When you say the actuator what exactly do you mean?
Last edited by leakyseals; 12-09-2011 at 06:42 PM.
P1349 is still there. I forgot to mention that. The cel is on. When I refer to the actuator I mean the part inside the head. It is a round piece and I think it is connected to a gear that connects to the timing chain. I have no ticking sounds at all just that light on and a pretty rough idle on warm up. I replaced the solenoid that goes on the backside of the head. From what I understand that is really the two components that make up the vvt system. Is that right?
Last edited by white rice; 12-09-2011 at 09:34 PM.
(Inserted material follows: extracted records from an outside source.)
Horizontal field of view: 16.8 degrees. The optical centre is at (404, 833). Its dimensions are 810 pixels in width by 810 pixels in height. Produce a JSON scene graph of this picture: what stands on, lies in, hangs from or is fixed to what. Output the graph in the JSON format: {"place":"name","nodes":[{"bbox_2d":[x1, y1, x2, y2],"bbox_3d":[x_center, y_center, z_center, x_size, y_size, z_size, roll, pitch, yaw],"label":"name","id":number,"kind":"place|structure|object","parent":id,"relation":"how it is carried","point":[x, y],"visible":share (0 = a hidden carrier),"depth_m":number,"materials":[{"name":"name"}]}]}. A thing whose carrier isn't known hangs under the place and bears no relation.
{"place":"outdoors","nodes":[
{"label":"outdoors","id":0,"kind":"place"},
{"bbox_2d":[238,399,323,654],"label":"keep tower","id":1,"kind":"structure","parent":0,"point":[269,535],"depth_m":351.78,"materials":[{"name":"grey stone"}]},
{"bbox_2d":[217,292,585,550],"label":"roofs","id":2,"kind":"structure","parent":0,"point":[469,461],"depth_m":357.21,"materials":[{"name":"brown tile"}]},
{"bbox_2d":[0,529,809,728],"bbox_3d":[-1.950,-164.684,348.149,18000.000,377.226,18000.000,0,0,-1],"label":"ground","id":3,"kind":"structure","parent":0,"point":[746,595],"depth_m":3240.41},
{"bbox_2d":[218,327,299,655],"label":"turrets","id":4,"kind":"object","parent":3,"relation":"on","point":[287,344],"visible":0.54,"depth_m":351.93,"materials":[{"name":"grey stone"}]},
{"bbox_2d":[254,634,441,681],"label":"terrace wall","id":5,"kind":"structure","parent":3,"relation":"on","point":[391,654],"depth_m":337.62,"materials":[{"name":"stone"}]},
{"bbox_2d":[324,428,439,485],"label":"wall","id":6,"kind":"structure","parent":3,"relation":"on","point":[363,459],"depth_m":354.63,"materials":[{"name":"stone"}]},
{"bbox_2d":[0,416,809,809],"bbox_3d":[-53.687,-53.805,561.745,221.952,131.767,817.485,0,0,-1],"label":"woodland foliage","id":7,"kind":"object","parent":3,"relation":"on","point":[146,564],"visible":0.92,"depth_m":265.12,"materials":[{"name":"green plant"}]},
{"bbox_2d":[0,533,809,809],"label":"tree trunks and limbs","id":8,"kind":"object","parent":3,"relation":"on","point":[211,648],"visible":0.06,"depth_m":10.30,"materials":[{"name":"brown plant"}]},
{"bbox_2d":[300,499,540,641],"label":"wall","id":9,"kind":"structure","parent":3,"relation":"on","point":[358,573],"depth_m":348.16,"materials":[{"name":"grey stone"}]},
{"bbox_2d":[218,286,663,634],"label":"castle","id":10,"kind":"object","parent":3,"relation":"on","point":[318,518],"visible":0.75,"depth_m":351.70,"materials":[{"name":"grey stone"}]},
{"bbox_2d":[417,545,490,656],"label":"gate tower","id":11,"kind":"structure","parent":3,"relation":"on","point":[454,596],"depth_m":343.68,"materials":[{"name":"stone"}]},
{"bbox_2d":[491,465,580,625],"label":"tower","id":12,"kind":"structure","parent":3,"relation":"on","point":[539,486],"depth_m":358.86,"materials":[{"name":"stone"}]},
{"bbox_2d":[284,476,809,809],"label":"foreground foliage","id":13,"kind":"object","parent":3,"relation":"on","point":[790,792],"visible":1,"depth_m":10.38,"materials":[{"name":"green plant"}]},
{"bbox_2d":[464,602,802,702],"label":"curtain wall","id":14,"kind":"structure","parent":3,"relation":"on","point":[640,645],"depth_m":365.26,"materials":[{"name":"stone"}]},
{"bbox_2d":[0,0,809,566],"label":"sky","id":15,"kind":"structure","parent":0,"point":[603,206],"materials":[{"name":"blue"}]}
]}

There are a few, the most common failure points are oil control valve/screen and the Cam Gear. Perhaps that's what you mean by actuator. Could be that, but the symptoms are a rattle on startup that goes away. The P1349 would indicate ongoing oil pressure issues. clogged OCV screen or faulty OCV.
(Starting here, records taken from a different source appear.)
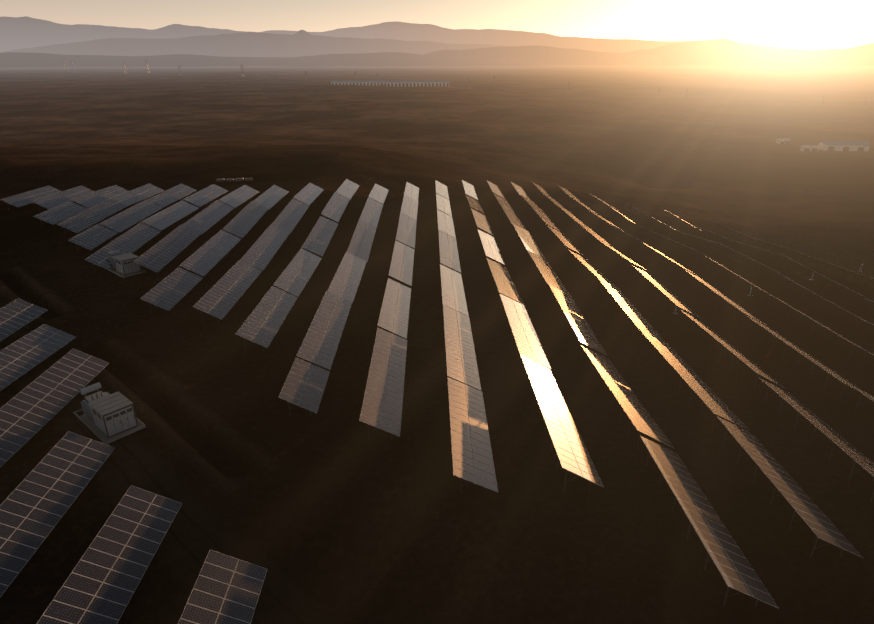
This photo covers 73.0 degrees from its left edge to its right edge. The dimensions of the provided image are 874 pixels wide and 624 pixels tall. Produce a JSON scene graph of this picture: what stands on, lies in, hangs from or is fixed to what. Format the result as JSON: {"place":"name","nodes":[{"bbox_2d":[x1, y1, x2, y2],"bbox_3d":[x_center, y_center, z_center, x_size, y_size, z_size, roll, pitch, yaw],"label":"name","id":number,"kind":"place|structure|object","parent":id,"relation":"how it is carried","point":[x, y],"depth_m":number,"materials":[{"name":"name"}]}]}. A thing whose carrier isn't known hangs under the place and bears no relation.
{"place":"outdoors","nodes":[
{"label":"outdoors","id":0,"kind":"place"},
{"bbox_2d":[0,16,259,51],"bbox_3d":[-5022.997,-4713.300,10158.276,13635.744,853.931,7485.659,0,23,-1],"label":"mountain range","id":1,"kind":"structure","parent":0,"point":[21,32],"depth_m":11398.49,"materials":[{"name":"grey stone"}]},
{"bbox_2d":[0,30,510,56],"bbox_3d":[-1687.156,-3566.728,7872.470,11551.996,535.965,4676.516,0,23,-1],"label":"mountain range","id":2,"kind":"structure","parent":0,"point":[300,43],"depth_m":8946.61,"materials":[{"name":"brown stone"}]},
{"bbox_2d":[0,52,554,67],"bbox_3d":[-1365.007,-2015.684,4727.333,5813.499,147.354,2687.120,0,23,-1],"label":"ridge","id":3,"kind":"structure","parent":0,"point":[23,59],"depth_m":5225.76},
{"bbox_2d":[260,21,476,38],"bbox_3d":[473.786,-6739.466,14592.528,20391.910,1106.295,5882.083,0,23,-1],"label":"mountain range","id":4,"kind":"structure","parent":0,"point":[379,30],"depth_m":16786.97,"materials":[{"name":"brown stone"}]},
{"bbox_2d":[0,65,873,623],"bbox_3d":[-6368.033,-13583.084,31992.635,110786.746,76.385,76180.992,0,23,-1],"label":"ground","id":5,"kind":"structure","parent":0,"point":[328,513],"depth_m":75.54,"materials":[{"name":"soil"}]},
{"bbox_2d":[0,186,61,209],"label":"solar row","id":6,"kind":"object","parent":5,"relation":"on","point":[22,199],"depth_m":138.47,"materials":[{"name":"blue glass"}]},
{"bbox_2d":[32,185,94,211],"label":"solar row","id":7,"kind":"object","parent":5,"relation":"on","point":[54,200],"depth_m":137.50,"materials":[{"name":"blue glass"}]},
{"bbox_2d":[33,185,127,227],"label":"solar row","id":8,"kind":"object","parent":5,"relation":"on","point":[59,213],"depth_m":129.98,"materials":[{"name":"blue glass"}]},
{"bbox_2d":[73,382,145,443],"bbox_3d":[-31.151,9.103,55.609,7.396,2.726,3.612,19,29,37],"label":"inverter station","id":9,"kind":"object","parent":5,"relation":"on","point":[106,418],"depth_m":54.11,"materials":[{"name":"paint"}]},
{"bbox_2d":[57,183,164,234],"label":"solar row","id":10,"kind":"object","parent":5,"relation":"on","point":[85,219],"depth_m":126.82,"materials":[{"name":"blue glass"}]},
{"bbox_2d":[0,184,227,345],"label":"solar row","id":11,"kind":"object","parent":5,"relation":"on","point":[16,314],"depth_m":104.65,"materials":[{"name":"blue glass"}]},
{"bbox_2d":[107,250,145,277],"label":"inverter station","id":12,"kind":"object","parent":5,"relation":"on","point":[124,265],"depth_m":94.68,"materials":[{"name":"paint"}]},
{"bbox_2d":[0,185,258,390],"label":"solar row","id":13,"kind":"object","parent":5,"relation":"on","point":[26,353],"depth_m":94.88,"materials":[{"name":"blue glass"}]},
{"bbox_2d":[69,183,195,252],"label":"solar row","id":14,"kind":"object","parent":5,"relation":"on","point":[96,235],"depth_m":119.88,"materials":[{"name":"blue glass"}]},
{"bbox_2d":[0,185,288,466],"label":"solar row","id":15,"kind":"object","parent":5,"relation":"on","point":[168,293],"depth_m":62.41,"materials":[{"name":"blue glass"}]},
{"bbox_2d":[0,183,323,596],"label":"solar row","id":16,"kind":"object","parent":5,"relation":"on","point":[28,494],"depth_m":46.91,"materials":[{"name":"blue glass"}]},
{"bbox_2d":[37,179,359,623],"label":"solar row","id":17,"kind":"object","parent":5,"relation":"on","point":[71,602],"depth_m":41.34,"materials":[{"name":"blue glass"}]},
{"bbox_2d":[216,178,252,181],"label":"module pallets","id":18,"kind":"object","parent":5,"relation":"on","point":[232,179],"depth_m":166.57,"materials":[{"name":"brown"}]},
{"bbox_2d":[178,183,388,623],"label":"solar row","id":19,"kind":"object","parent":5,"relation":"on","point":[206,599],"depth_m":60.55,"materials":[{"name":"blue glass"}]},
{"bbox_2d":[331,80,386,85],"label":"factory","id":20,"kind":"structure","parent":5,"relation":"on","point":[361,82],"depth_m":1212.68,"materials":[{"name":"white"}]},
{"bbox_2d":[359,182,418,440],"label":"solar row","id":21,"kind":"object","parent":5,"relation":"on","point":[375,406],"depth_m":69.90,"materials":[{"name":"blue glass"}]},
{"bbox_2d":[386,80,449,86],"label":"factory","id":22,"kind":"structure","parent":5,"relation":"on","point":[410,83],"depth_m":1125.18,"materials":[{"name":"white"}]},
{"bbox_2d":[435,180,497,493],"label":"solar row","id":23,"kind":"object","parent":5,"relation":"on","point":[472,459],"depth_m":61.61,"materials":[{"name":"blue glass"}]},
{"bbox_2d":[462,180,603,492],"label":"solar row","id":24,"kind":"object","parent":5,"relation":"on","point":[573,455],"depth_m":62.73,"materials":[{"name":"blue glass"}]},
{"bbox_2d":[424,45,661,65],"bbox_3d":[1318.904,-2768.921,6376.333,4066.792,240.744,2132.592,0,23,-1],"label":"ridge","id":25,"kind":"structure","parent":5,"relation":"on","point":[553,55],"depth_m":6811.22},
{"bbox_2d":[487,181,778,608],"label":"solar row","id":26,"kind":"object","parent":5,"relation":"on","point":[733,565],"depth_m":49.92,"materials":[{"name":"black glass"}]},
{"bbox_2d":[511,182,862,557],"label":"solar row","id":27,"kind":"object","parent":5,"relation":"on","point":[820,524],"depth_m":55.44,"materials":[{"name":"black glass"}]},
{"bbox_2d":[532,182,873,502],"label":"solar row","id":28,"kind":"object","parent":5,"relation":"on","point":[849,449],"depth_m":66.84,"materials":[{"name":"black glass"}]},
{"bbox_2d":[559,186,873,411],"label":"solar row","id":29,"kind":"object","parent":5,"relation":"on","point":[814,361],"depth_m":80.90,"materials":[{"name":"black glass"}]},
{"bbox_2d":[590,194,873,368],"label":"solar row","id":30,"kind":"object","parent":5,"relation":"on","point":[754,285],"depth_m":95.89,"materials":[{"name":"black glass"}]},
{"bbox_2d":[625,203,873,337],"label":"solar row","id":31,"kind":"object","parent":5,"relation":"on","point":[718,245],"depth_m":108.60,"materials":[{"name":"black glass"}]},
{"bbox_2d":[664,209,873,314],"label":"solar row","id":32,"kind":"object","parent":5,"relation":"on","point":[770,253],"depth_m":118.25,"materials":[{"name":"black glass"}]},
{"bbox_2d":[776,138,790,143],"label":"white shed","id":33,"kind":"structure","parent":5,"relation":"on","point":[783,141],"depth_m":371.20,"materials":[{"name":"white"}]},
{"bbox_2d":[706,218,873,291],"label":"solar row","id":34,"kind":"object","parent":5,"relation":"on","point":[830,265],"depth_m":122.25,"materials":[{"name":"black glass"}]},
{"bbox_2d":[800,145,819,151],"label":"white shed","id":35,"kind":"structure","parent":5,"relation":"on","point":[808,148],"depth_m":351.51,"materials":[{"name":"white"}]},
{"bbox_2d":[747,227,873,276],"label":"solar row","id":36,"kind":"object","parent":5,"relation":"on","point":[795,244],"depth_m":129.73,"materials":[{"name":"black glass"}]},
{"bbox_2d":[789,231,873,268],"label":"solar row","id":37,"kind":"object","parent":5,"relation":"on","point":[832,247],"depth_m":134.82,"materials":[{"name":"black glass"}]},
{"bbox_2d":[818,141,869,150],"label":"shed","id":38,"kind":"structure","parent":5,"relation":"on","point":[840,146],"depth_m":350.37,"materials":[{"name":"white"}]},
{"bbox_2d":[0,0,873,49],"label":"sky","id":39,"kind":"structure","parent":0,"point":[798,24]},
{"bbox_2d":[370,29,804,52],"bbox_3d":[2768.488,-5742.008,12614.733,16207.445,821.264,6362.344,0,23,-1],"label":"mountain range","id":40,"kind":"structure","parent":0,"point":[511,38],"depth_m":14746.65,"materials":[{"name":"brown stone"}]},
{"bbox_2d":[626,39,873,65],"bbox_3d":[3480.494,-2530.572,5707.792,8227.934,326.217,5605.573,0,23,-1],"label":"mountain range","id":41,"kind":"structure","parent":0,"point":[721,52],"depth_m":6550.00,"materials":[{"name":"yellow"}]}
]}

IMO your options are wait and see if the oil can clean it up, or start spending money. Start with a new OCV screen and work your way to more expense like the OCV itself then the cam gear.
Also what are you using for an oil filter? I've seen a clogged oil filter or a high efficiency filter cause P1349 when oil flow/sludge buildup problems exist.
If the startup rattle started after using the XG and was not present with prior filters it would be suspect. the XG has worked well for me time after time on yours and several different cars, no anti-drainback issues. The startup rattle that goes away after a couple seconds is a symptom of a faulty Cam Gear. However the P1349 CEL leans towards oil flow/pressure issues, which can certainly cause some ticking at startup. I'm not 100% on this but I have seen in most cases a bad Cam Gear with no CEL codes. So I would still try to resolve the p1349 issue, and if the rattle persists, go after the Cam Gear. You put on a lot of miles, but its only been 5 days for the oil to clean. You can wait, or try cleaning the OCV and its screen, but they get brittle, just replace the screen. Take it from there.
If the OCV its self is faulty I would think the P1349 CEL would come on immediately when you start the car after a 15 min battery disconnect/ecm reset. If you try it, expect a possible rough running engine as the ecm recalibrates.
Last edited by leakyseals; 12-10-2011 at 07:21 AM.